Work to complete ▸
Output the whole listing exactly, with no pictures.

Input data ▸
•••••

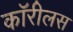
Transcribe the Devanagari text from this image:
कॉरीलस
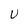
Character: U
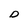
Character: O
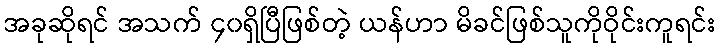
အခုဆိုရင် အသက် ၄၀ရှိပြီဖြစ်တဲ့ ယန်ဟာ မိခင်ဖြစ်သူကိုဝိုင်းကူရင်း
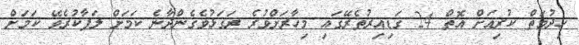
ހިދުމަތް ކުރިއަށް އޮތް 24 ގަޑިއިރުތެރޭގައި މިހާރަށްވުރެ ރަގަޅުވެގެންދާނެ ކަމަށް ލަފާކުރެވޭ ކަމަށް
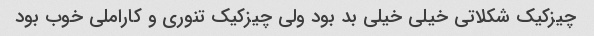
چیزکیک شکلاتی خیلی خیلی بد بود ولی چیزکیک تنوری و کاراملی خوب بود
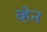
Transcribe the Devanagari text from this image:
व्‍हेन
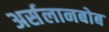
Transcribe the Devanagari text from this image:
अर्सलानबोब
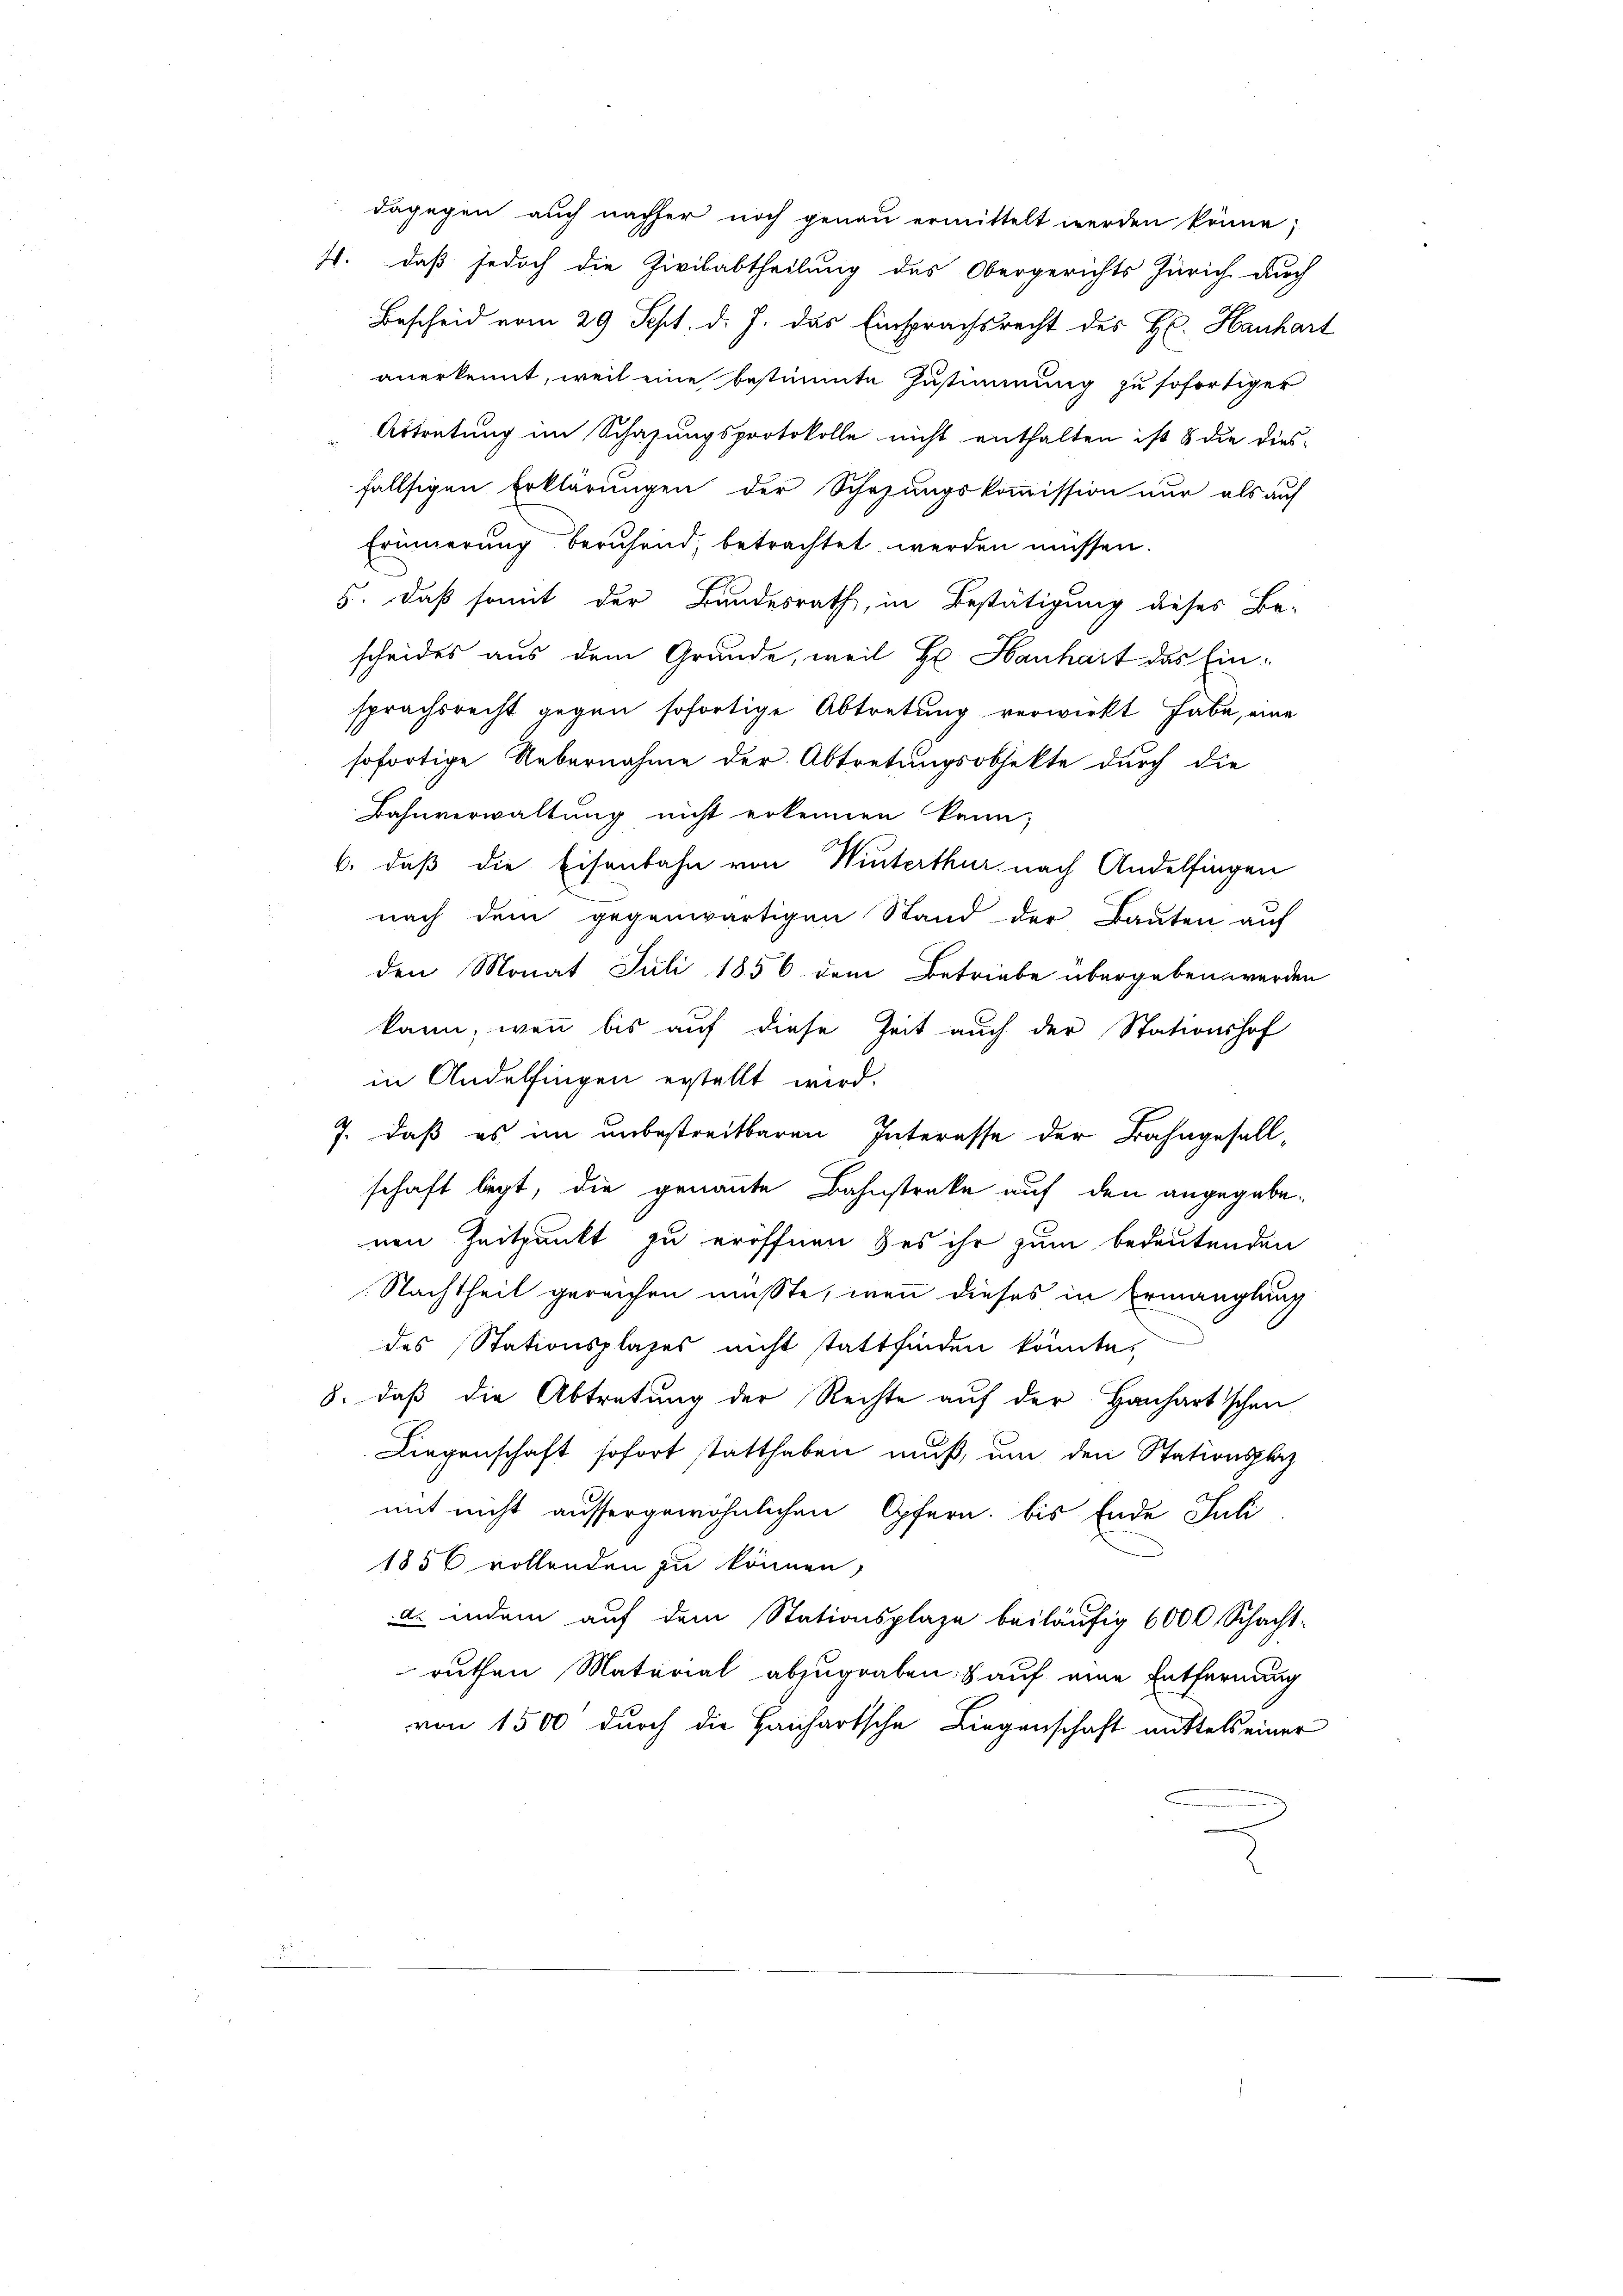
dagegen auch nachher noch genau ermittelt werden könne,
4. daß jedoch die Zivilabtheilung des Obergerichts Zürich durch
Bescheid vom 29 Sept. d. J. das Einsprachsrecht des H. Hanhart
anerkennt, weil eine bestimmte Zustimmung zu sofortiger
Artretung im Schafungsprotokolle nicht enthalten ist & die dies
fallsigen Erklärungen der Schazungskommission nur als auf
Erinnerung beruhend, betrachtet werden müssen.
5. Daß somit der Bundesrath, in Bestätigung dieses Be-
scheides aus dem Grunde, weil Hr. Hanhart das Einsprachsrecht gegen sofortige Abtretung verwirkt habe, eine
sofortige Uebernahme der Abtretungsobjekte durch die
Bahnverwaltung nicht erkennen kann;
6., daß die Eisenbahn von Winterthur, nach Andelfingen
nach dem gegenwärtigen Stand der Bauten auf
den Monat Juli 1856 dem Betriebe übergeben werden
kann, wenn bis auf diese Zeit auch der Stationshof
in Andelfingen erstellt wird.
7. daß es im unbestreitbaren Interesse der Bahngesell-
schaft legt, die genannte Bahnstreke auf den angegebenen Zeitpunkt zu eröffnen & es ihr zum bedeutenden
Nachtheil gereichen mußte, wenn dieses in Ermanglung
des Stationsplases nicht stattfinden könnte,
8. daß die Abtretung der Rechte auf der Hanhartschen
Liegenschaft sofort statthaben muß, um den Stationsplaz
mit nicht aussergewöhnlichen Opfern, bis Ende Juli
1856 vollenden zu können,
 indem auf dem Stationsplaze beiläufig 6000 Schacht-
ruthen Material abzugraben: auf eine Entfernung
von 1500 durch die Hanhartsche Liegenschaft mittels einer
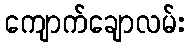
ကျောက်ချောလမ်း
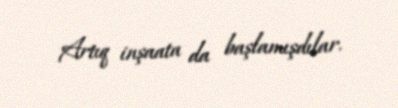
Artıq inşaata da başlamışdılar.
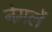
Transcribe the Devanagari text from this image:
नेमलें
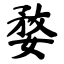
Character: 婺
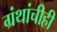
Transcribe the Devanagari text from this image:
ग्रंथांचीही
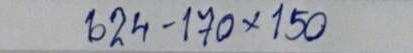
624 - 170 x 150
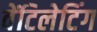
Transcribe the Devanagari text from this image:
वेंटिलेटिंग
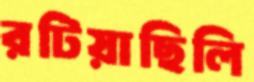
রটিয়াছিলি
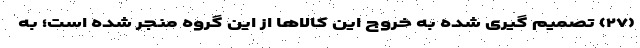
(۲۷) تصمیم گیری شده به خروج این کالاها از این گروه منجر شده است؛ به
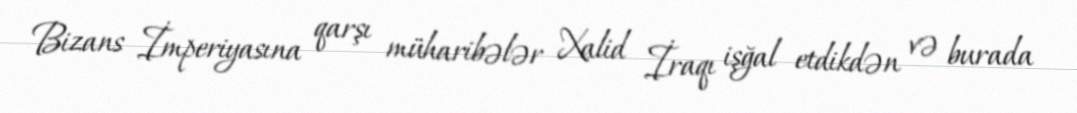
Bizans İmperiyasına qarşı müharibələr Xalid İraqı işğal etdikdən və burada
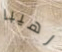
رهيبا
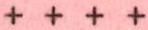
+ + + +
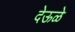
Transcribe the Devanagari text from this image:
देऊळे
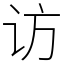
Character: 访
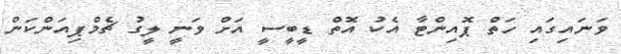
ވަނައިގައި ހަތް ޕޮއިންޓާ އެކު އޮތް ޑީބީސީ އަށް ވަނީ ލީގު ޗެމްޕިއަންކަން
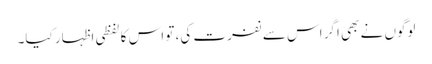
لوگوں نے بھی اگر اس سے نفرت کی، تو اس کا لفظی اظہار کیا۔
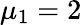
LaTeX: \mu_{1}=2
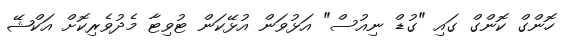
ހޮންގް ކޮންގް ގައި "ގުޑް ނިއުސް" އަޅުވަން އުޅޭކަން ޓުވިޓާ މެދުވެރިކޮށް އަކްޝޭ
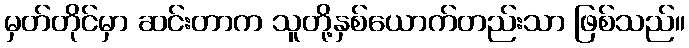
မှတ်တိုင်မှာ ဆင်းတာက သူတို့နှစ်ယောက်တည်းသာ ဖြစ်သည်။
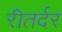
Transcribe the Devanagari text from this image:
रीतर्दर
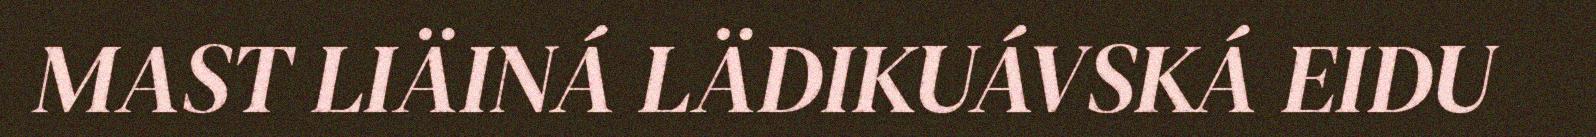
MAST LIÄINÁ LÄDIKUÁVSKÁ EIDU
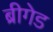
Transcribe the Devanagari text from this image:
ब्रीगेड
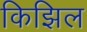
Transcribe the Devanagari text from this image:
किझिल
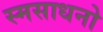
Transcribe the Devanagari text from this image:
स्मसाधनो
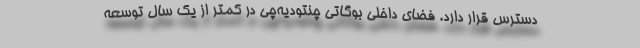
دسترس قرار دارد. فضای داخلی بوگاتی چنتودیه‌چی در کمتر از یک سال توسعه
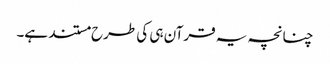
چنانچہ یہ قرآن ہی کی طرح مستند ہے۔
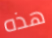
هذه
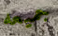
جميعه
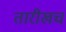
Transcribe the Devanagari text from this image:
तारीखच
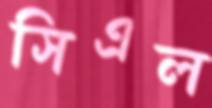
সিএল
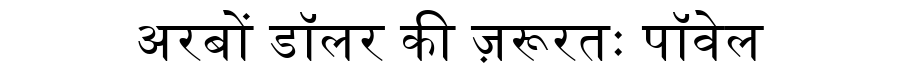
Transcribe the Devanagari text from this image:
अरबों डॉलर की ज़रूरतः पॉवेल
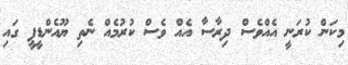
މިކަން ކުރަނީ އެއްވެސް ދިރާސާ އެއް ވެސް ކުރުމެއް ނެތި ޔޫއެންޑީޕީ ގައި
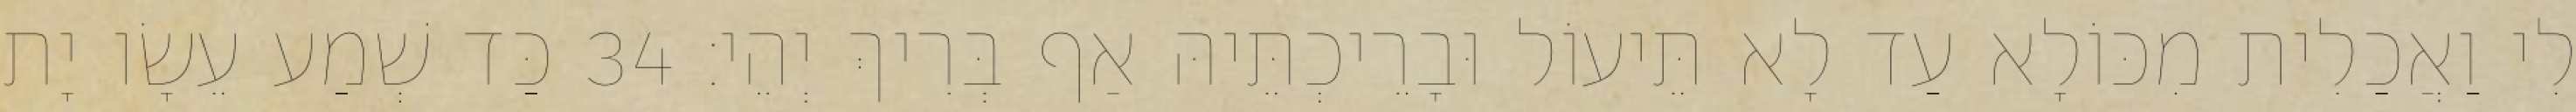
לִי וַאֲכַלִית מִכּוֹלָא עַד לָא תֵּיעוֹל וּבָרֵיכְתֵּיהּ אַף בְּרִיךְ יְהֵי׃ 34 כַּד שְׁמַע עֵשָׂו יָת
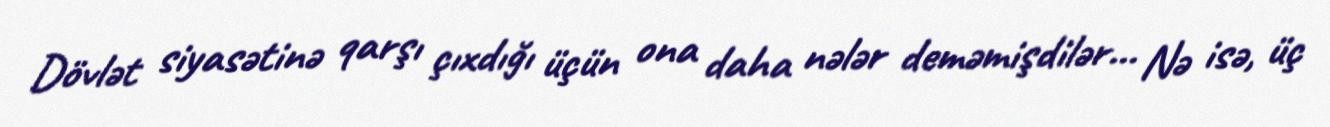
Dövlət siyasətinə qarşı çıxdığı üçün ona daha nələr deməmişdilər... Nə isə, üç
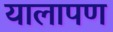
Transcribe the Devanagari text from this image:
यालापण
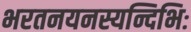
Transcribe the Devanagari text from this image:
भरतनयनस्यन्दिभिः
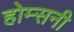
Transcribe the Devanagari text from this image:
होम्सनी
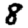
Digit: 8
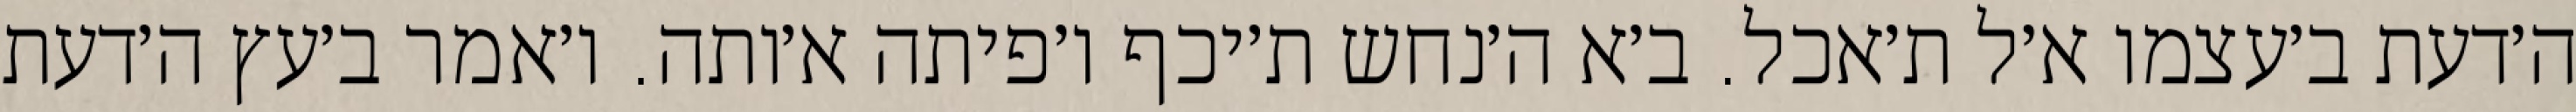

•••••

Answer for the task ▸
Transcribe the Devanagari text from this image:
कॉरीलस
Character: U
Character: O
အခုဆိုရင် အသက် ၄၀ရှိပြီဖြစ်တဲ့ ယန်ဟာ မိခင်ဖြစ်သူကိုဝိုင်းကူရင်း
ހިދުމަތް ކުރިއަށް އޮތް 24 ގަޑިއިރުތެރޭގައި މިހާރަށްވުރެ ރަގަޅުވެގެންދާނެ ކަމަށް ލަފާކުރެވޭ ކަމަށް
چیزکیک شکلاتی خیلی خیلی بد بود ولی چیزکیک تنوری و کاراملی خوب بود
Transcribe the Devanagari text from this image:
व्‍हेन
Transcribe the Devanagari text from this image:
अर्सलानबोब
dagegen auch nachher noch genau ermittelt werden könne,
4. daß jedoch die Zivilabtheilung des Obergerichts Zürich durch
Bescheid vom 29 Sept. d. J. das Einsprachsrecht des H. Hanhart
anerkennt, weil eine bestimmte Zustimmung zu sofortiger
Artretung im Schafungsprotokolle nicht enthalten ist & die dies
fallsigen Erklärungen der Schazungskommission nur als auf
Erinnerung beruhend, betrachtet werden müssen.
5. Daß somit der Bundesrath, in Bestätigung dieses Be-
scheides aus dem Grunde, weil Hr. Hanhart das Einsprachsrecht gegen sofortige Abtretung verwirkt habe, eine
sofortige Uebernahme der Abtretungsobjekte durch die
Bahnverwaltung nicht erkennen kann;
6., daß die Eisenbahn von Winterthur, nach Andelfingen
nach dem gegenwärtigen Stand der Bauten auf
den Monat Juli 1856 dem Betriebe übergeben werden
kann, wenn bis auf diese Zeit auch der Stationshof
in Andelfingen erstellt wird.
7. daß es im unbestreitbaren Interesse der Bahngesell-
schaft legt, die genannte Bahnstreke auf den angegebenen Zeitpunkt zu eröffnen & es ihr zum bedeutenden
Nachtheil gereichen mußte, wenn dieses in Ermanglung
des Stationsplases nicht stattfinden könnte,
8. daß die Abtretung der Rechte auf der Hanhartschen
Liegenschaft sofort statthaben muß, um den Stationsplaz
mit nicht aussergewöhnlichen Opfern, bis Ende Juli
1856 vollenden zu können,
 indem auf dem Stationsplaze beiläufig 6000 Schacht-
ruthen Material abzugraben: auf eine Entfernung
von 1500 durch die Hanhartsche Liegenschaft mittels einer
ကျောက်ချောလမ်း
Artıq inşaata da başlamışdılar.
Transcribe the Devanagari text from this image:
नेमलें
Character: 婺
Transcribe the Devanagari text from this image:
ग्रंथांचीही
624 - 170 x 150
Transcribe the Devanagari text from this image:
वेंटिलेटिंग
রটিয়াছিলি
(۲۷) تصمیم گیری شده به خروج این کالاها از این گروه منجر شده است؛ به
Bizans İmperiyasına qarşı müharibələr Xalid İraqı işğal etdikdən və burada
رهيبا
+ + + +
Transcribe the Devanagari text from this image:
देऊळे
Character: 访
ވަނައިގައި ހަތް ޕޮއިންޓާ އެކު އޮތް ޑީބީސީ އަށް ވަނީ ލީގު ޗެމްޕިއަންކަން
لوگوں نے بھی اگر اس سے نفرت کی، تو اس کا لفظی اظہار کیا۔
LaTeX: \mu_{1}=2
ހޮންގް ކޮންގް ގައި "ގުޑް ނިއުސް" އަޅުވަން އުޅޭކަން ޓުވިޓާ މެދުވެރިކޮށް އަކްޝޭ
မှတ်တိုင်မှာ ဆင်းတာက သူတို့နှစ်ယောက်တည်းသာ ဖြစ်သည်။
Transcribe the Devanagari text from this image:
रीतर्दर
MAST LIÄINÁ LÄDIKUÁVSKÁ EIDU
Transcribe the Devanagari text from this image:
ब्रीगेड
Transcribe the Devanagari text from this image:
किझिल
Transcribe the Devanagari text from this image:
स्मसाधनो
دسترس قرار دارد. فضای داخلی بوگاتی چنتودیه‌چی در کمتر از یک سال توسعه
چنانچہ یہ قرآن ہی کی طرح مستند ہے۔
هذه
جميعه
Transcribe the Devanagari text from this image:
तारीखच
সিএল
Transcribe the Devanagari text from this image:
अरबों डॉलर की ज़रूरतः पॉवेल
މިކަން ކުރަނީ އެއްވެސް ދިރާސާ އެއް ވެސް ކުރުމެއް ނެތި ޔޫއެންޑީޕީ ގައި
לִי וַאֲכַלִית מִכּוֹלָא עַד לָא תֵּיעוֹל וּבָרֵיכְתֵּיהּ אַף בְּרִיךְ יְהֵי׃ 34 כַּד שְׁמַע עֵשָׂו יָת
Dövlət siyasətinə qarşı çıxdığı üçün ona daha nələr deməmişdilər... Nə isə, üç
Transcribe the Devanagari text from this image:
यालापण
Transcribe the Devanagari text from this image:
भरतनयनस्यन्दिभिः
Transcribe the Devanagari text from this image:
होम्सनी
Digit: 8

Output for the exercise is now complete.